Inspector General of the Khyber Pakhtunkhwa Police
- In office 25 September 2013 – 16 March 2017
- Governor: Mehtab Ahmed Khan Iqbal Zafar Jhagra
- Preceded by: Lt. Cdr (R) Ihsan Ghani
- Succeeded by: Salahuddin Khan Mehsud

Personal details
- Born: March 17, 1957
- Died: April 19, 2021 (aged 64) Lahore

Military service
- Allegiance: Pakistan
- Branch/service: Khyber Pakhtunkhwa Police & Punjab Police
- Rank: Inspector General

= Nasir Durrani =

Pakistani police officer (1957–2021)

Nasir Khan Durrani (17 March 1957 – 19 April 2021) was a Pakistani police officer belonging to the 10th CTP who served in BPS-22 grade.

==Biography==
Durrani was born in Pakistan on 17 March 1957. He became a police officer, and in September 2013, he was appointed the Provincial Police Office (Inspector General of Police) of the Khyber Pakhtunkhwa, where he served till March 2017. As Inspector General of Police, Durrani managed department policy and oversaw all patrol and speciality units. He was a Pashtun, belonging to Durrani tribe.

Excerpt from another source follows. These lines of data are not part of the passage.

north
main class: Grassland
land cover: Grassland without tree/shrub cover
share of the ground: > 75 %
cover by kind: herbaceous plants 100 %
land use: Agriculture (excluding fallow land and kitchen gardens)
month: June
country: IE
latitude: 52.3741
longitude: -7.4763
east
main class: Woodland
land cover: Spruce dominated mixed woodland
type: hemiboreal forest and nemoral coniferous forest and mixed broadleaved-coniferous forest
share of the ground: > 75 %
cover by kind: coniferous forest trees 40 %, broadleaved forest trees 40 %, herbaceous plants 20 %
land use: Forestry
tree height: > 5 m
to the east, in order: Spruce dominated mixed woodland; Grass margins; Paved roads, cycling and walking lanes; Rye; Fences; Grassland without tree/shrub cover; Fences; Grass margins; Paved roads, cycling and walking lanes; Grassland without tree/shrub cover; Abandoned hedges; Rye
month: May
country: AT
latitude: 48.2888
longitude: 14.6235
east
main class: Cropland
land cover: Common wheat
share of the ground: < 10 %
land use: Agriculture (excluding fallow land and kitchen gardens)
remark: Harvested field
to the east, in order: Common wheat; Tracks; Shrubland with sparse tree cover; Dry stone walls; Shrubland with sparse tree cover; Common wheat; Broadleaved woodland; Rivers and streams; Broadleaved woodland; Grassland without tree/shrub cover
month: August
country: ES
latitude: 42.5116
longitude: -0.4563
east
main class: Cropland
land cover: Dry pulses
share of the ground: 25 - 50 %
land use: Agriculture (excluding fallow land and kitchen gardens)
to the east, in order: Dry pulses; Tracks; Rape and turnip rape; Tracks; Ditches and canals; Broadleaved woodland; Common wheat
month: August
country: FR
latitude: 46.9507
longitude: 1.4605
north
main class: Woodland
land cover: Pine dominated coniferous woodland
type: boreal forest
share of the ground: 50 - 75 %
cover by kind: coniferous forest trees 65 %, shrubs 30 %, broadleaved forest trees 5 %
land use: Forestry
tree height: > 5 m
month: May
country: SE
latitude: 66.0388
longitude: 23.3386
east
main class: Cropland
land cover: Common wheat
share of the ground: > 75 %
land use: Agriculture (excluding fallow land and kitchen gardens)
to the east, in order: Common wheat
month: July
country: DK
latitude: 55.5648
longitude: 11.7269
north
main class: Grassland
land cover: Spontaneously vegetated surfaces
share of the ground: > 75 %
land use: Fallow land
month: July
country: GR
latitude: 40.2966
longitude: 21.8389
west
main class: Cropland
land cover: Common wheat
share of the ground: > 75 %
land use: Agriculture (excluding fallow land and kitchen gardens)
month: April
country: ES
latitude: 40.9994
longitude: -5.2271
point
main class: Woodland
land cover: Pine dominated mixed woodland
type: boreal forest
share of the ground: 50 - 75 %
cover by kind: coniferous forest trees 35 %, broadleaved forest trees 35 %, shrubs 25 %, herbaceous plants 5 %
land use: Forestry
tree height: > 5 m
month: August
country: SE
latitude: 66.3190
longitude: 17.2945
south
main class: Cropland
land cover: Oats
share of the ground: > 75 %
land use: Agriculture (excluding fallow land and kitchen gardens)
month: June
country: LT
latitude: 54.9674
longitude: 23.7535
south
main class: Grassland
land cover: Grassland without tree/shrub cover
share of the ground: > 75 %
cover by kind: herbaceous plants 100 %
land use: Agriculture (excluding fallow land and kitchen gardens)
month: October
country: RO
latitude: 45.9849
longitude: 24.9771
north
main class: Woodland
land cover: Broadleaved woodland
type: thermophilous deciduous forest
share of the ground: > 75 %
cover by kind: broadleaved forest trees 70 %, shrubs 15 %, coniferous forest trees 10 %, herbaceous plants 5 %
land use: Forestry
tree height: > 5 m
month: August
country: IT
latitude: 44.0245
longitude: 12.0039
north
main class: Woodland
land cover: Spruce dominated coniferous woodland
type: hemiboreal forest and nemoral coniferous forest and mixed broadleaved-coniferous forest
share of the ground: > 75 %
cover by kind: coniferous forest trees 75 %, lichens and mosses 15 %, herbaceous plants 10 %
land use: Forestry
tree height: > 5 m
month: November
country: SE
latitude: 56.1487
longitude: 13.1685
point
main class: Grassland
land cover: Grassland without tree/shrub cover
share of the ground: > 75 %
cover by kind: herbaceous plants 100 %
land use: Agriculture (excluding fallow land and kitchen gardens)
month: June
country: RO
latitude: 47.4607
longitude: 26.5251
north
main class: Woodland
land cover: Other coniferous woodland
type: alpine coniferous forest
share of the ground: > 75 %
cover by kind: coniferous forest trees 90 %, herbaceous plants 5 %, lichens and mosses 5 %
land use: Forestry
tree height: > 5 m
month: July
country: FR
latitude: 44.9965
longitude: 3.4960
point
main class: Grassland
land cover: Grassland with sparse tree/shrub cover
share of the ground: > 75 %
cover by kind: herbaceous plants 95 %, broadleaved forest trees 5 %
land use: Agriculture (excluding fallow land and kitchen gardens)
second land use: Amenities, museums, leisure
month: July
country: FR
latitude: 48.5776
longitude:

After winning the elections in 2018, Imran Khan shared in his first speech to the nation that he had asked Durrani to help improve the police standards of Punjab province. He was subsequently appointed the chairman of the Punjab Police Reform Commission in September 2018, where he served until October 2018.

Nasir Durrani died on 19 April 2021, in Mayo Hospital, Lahore of COVID-19.